What is expected — Which lines of the records below contain the word "clip"? Report each of them in full.

Extracted records:
--- START ---
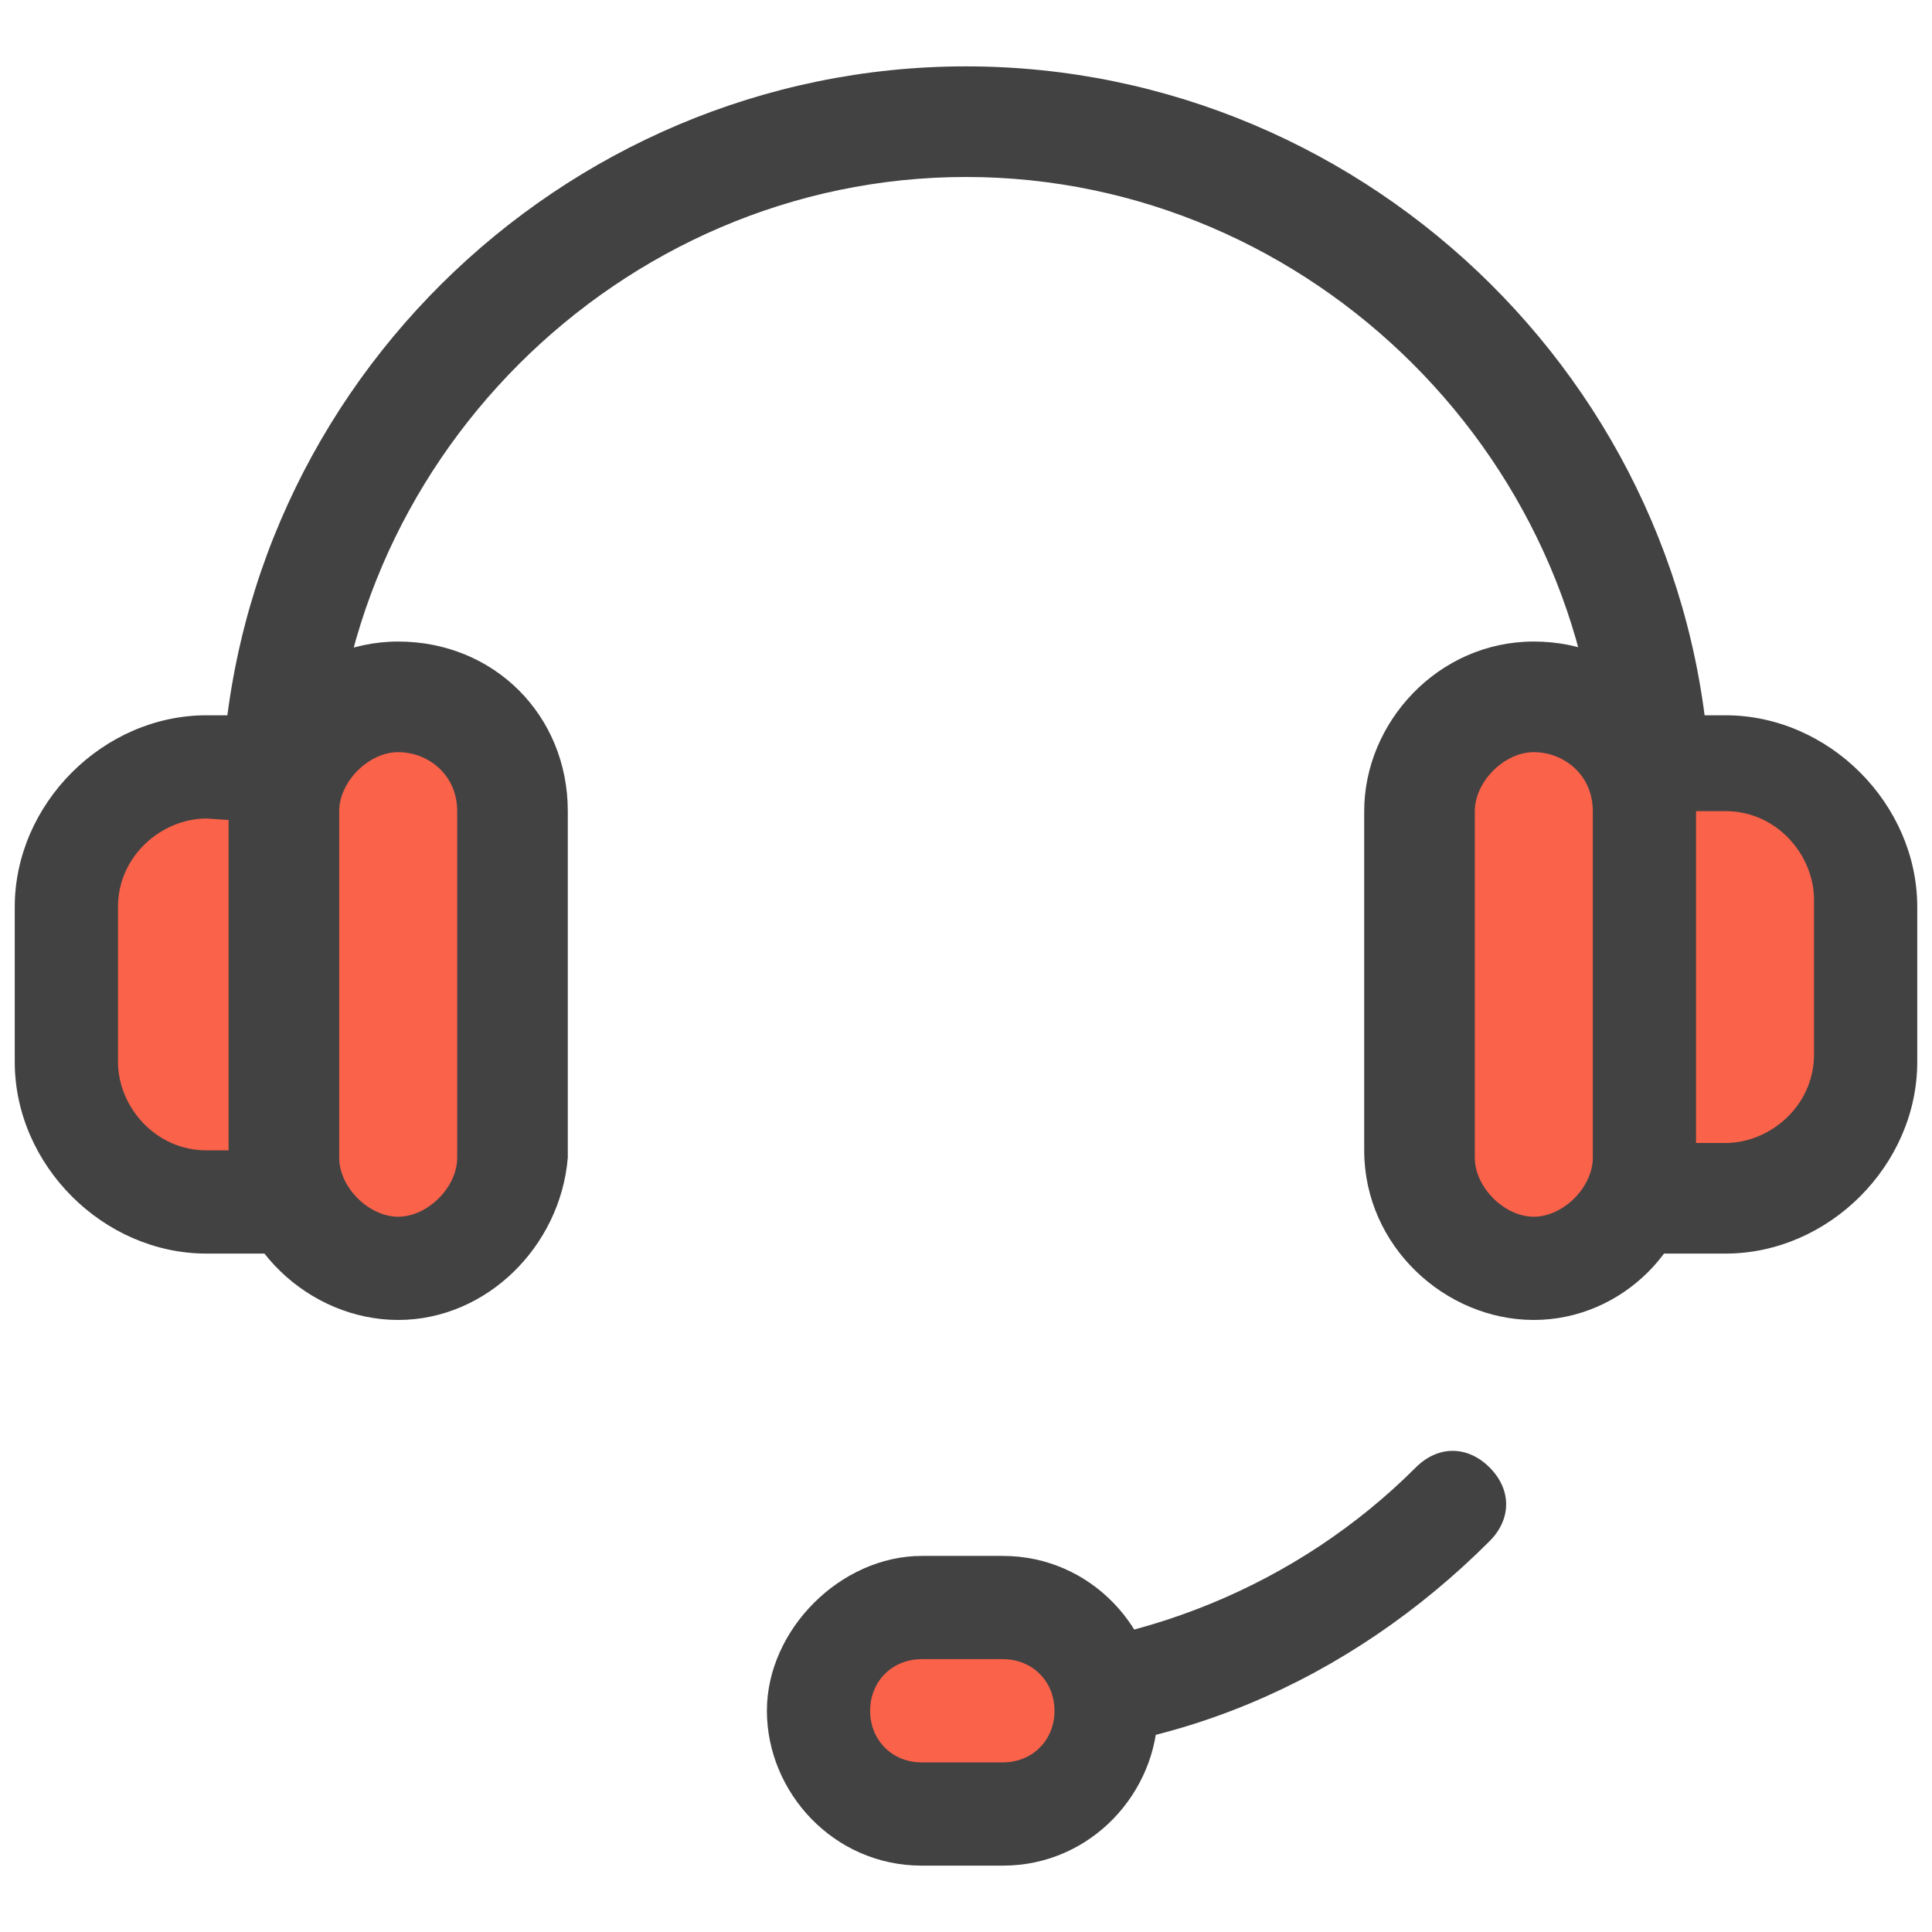 <?xml version="1.0" encoding="utf-8"?>
<!-- Generator: Adobe Illustrator 23.0.5, SVG Export Plug-In . SVG Version: 6.00 Build 0)  -->
<svg version="1.1" id="Layer_1" xmlns:xodm="http://www.corel.com/coreldraw/odm/2003"
	 xmlns="http://www.w3.org/2000/svg" xmlns:xlink="http://www.w3.org/1999/xlink" x="0px" y="0px" viewBox="0 0 26.2 26.2"
	 style="enable-background:new 0 0 26.2 26.2;" xml:space="preserve">
<style type="text/css">
	.st0{fill-rule:evenodd;clip-rule:evenodd;fill:#434242;}
	.st1{fill-rule:evenodd;clip-rule:evenodd;fill:#FA624A;}
	.st2{fill:none;}
</style>
<g id="Layer_x0020_1">
	<g id="_473502011760">
		<path class="st0" d="M13.1,23.8c-0.4,0-0.7-0.3-0.7-0.7c0-0.4,0.3-0.7,0.7-0.7c2.3,0,4.5-0.9,6.1-2.5c0.3-0.3,0.7-0.3,1,0
			c0.3,0.3,0.3,0.7,0,1C18.3,22.8,15.8,23.9,13.1,23.8L13.1,23.8z"/>
		<path class="st0" d="M22.4,14.5c-0.4,0-0.7-0.3-0.7-0.7V11c0-4.7-3.9-8.6-8.6-8.6c-4.7,0-8.6,3.9-8.6,8.6c0,0.4-0.3,0.7-0.7,0.7
			S3,11.4,3,11C3,5.4,7.6,0.9,13.1,0.9c5.5,0,10.1,4.5,10.1,10.1v2.8C23.2,14.2,22.8,14.5,22.4,14.5L22.4,14.5z"/>
		<path class="st1" d="M13.6,24.5h-1.1c-0.8,0-1.4-0.6-1.4-1.4l0,0c0-0.8,0.6-1.4,1.4-1.4h1.1c0.8,0,1.4,0.6,1.4,1.4l0,0
			C15,23.9,14.4,24.5,13.6,24.5z"/>
		<path class="st0" d="M13.6,25.3h-1.1c-1.2,0-2.1-1-2.1-2.1s1-2.1,2.1-2.1h1.1c1.2,0,2.1,1,2.1,2.1S14.8,25.3,13.6,25.3z
			 M12.5,22.5c-0.4,0-0.7,0.3-0.7,0.7c0,0.4,0.3,0.7,0.7,0.7h1.1c0.4,0,0.7-0.3,0.7-0.7c0-0.4-0.3-0.7-0.7-0.7H12.5z"/>
		<path class="st1" d="M5,16.2H2.8c-1,0-1.9-0.8-1.9-1.9v-2.1c0-1,0.8-1.9,1.9-1.9H5V16.2L5,16.2z"/>
		<path class="st0" d="M5,17H2.8c-1.4,0-2.6-1.2-2.6-2.6v-2.1c0-1.4,1.2-2.6,2.6-2.6H5c0.4,0,0.7,0.3,0.7,0.7v5.9
			C5.7,16.6,5.4,17,5,17L5,17z M2.8,11.1c-0.6,0-1.2,0.5-1.2,1.2v2.1c0,0.6,0.5,1.2,1.2,1.2h1.5v-4.4L2.8,11.1L2.8,11.1L2.8,11.1z"
			/>
		<path class="st1" d="M5.4,17.2L5.4,17.2c-0.8,0-1.5-0.7-1.5-1.5V11c0-0.8,0.7-1.5,1.5-1.5l0,0c0.8,0,1.5,0.7,1.5,1.5v4.7
			C6.9,16.5,6.2,17.2,5.4,17.2z"/>
		<path class="st0" d="M5.4,17.9c-1.2,0-2.3-1-2.3-2.3V11c0-1.2,1-2.3,2.3-2.3s2.3,1,2.3,2.3v4.7C7.6,16.9,6.6,17.9,5.4,17.9z
			 M5.4,10.2c-0.4,0-0.8,0.4-0.8,0.8v4.7c0,0.4,0.4,0.8,0.8,0.8c0.4,0,0.8-0.4,0.8-0.8V11C6.2,10.5,5.8,10.2,5.4,10.2z"/>
		<path class="st1" d="M21.2,16.2h2.2c1,0,1.9-0.8,1.9-1.9v-2.1c0-1-0.8-1.9-1.9-1.9h-2.2L21.2,16.2L21.2,16.2z"/>
		<path class="st0" d="M23.4,17h-2.2c-0.4,0-0.7-0.3-0.7-0.7v-5.9c0-0.4,0.3-0.7,0.7-0.7h2.2c1.4,0,2.6,1.2,2.6,2.6v2.1
			C26,15.8,24.8,17,23.4,17L23.4,17z M21.9,15.5h1.5c0.6,0,1.2-0.5,1.2-1.2v-2.1c0-0.6-0.5-1.2-1.2-1.2h-1.5V15.5L21.9,15.5z"/>
		<path class="st1" d="M20.8,17.2L20.8,17.2c0.8,0,1.5-0.7,1.5-1.5V11c0-0.8-0.7-1.5-1.5-1.5l0,0c-0.8,0-1.5,0.7-1.5,1.5v4.7
			C19.3,16.5,19.9,17.2,20.8,17.2z"/>
		<path class="st0" d="M20.8,17.9c-1.2,0-2.3-1-2.3-2.3V11c0-1.2,1-2.3,2.3-2.3S23,9.7,23,11v4.7C23,16.9,22,17.9,20.8,17.9z
			 M20.8,10.2c-0.4,0-0.8,0.4-0.8,0.8v4.7c0,0.4,0.4,0.8,0.8,0.8c0.4,0,0.8-0.4,0.8-0.8V11C21.6,10.5,21.2,10.2,20.8,10.2z"/>
	</g>
	<rect class="st2" width="26.2" height="26.2"/>
</g>
</svg>
--- END ---
Answer to this task —
	.st0{fill-rule:evenodd;clip-rule:evenodd;fill:#434242;}
	.st1{fill-rule:evenodd;clip-rule:evenodd;fill:#FA624A;}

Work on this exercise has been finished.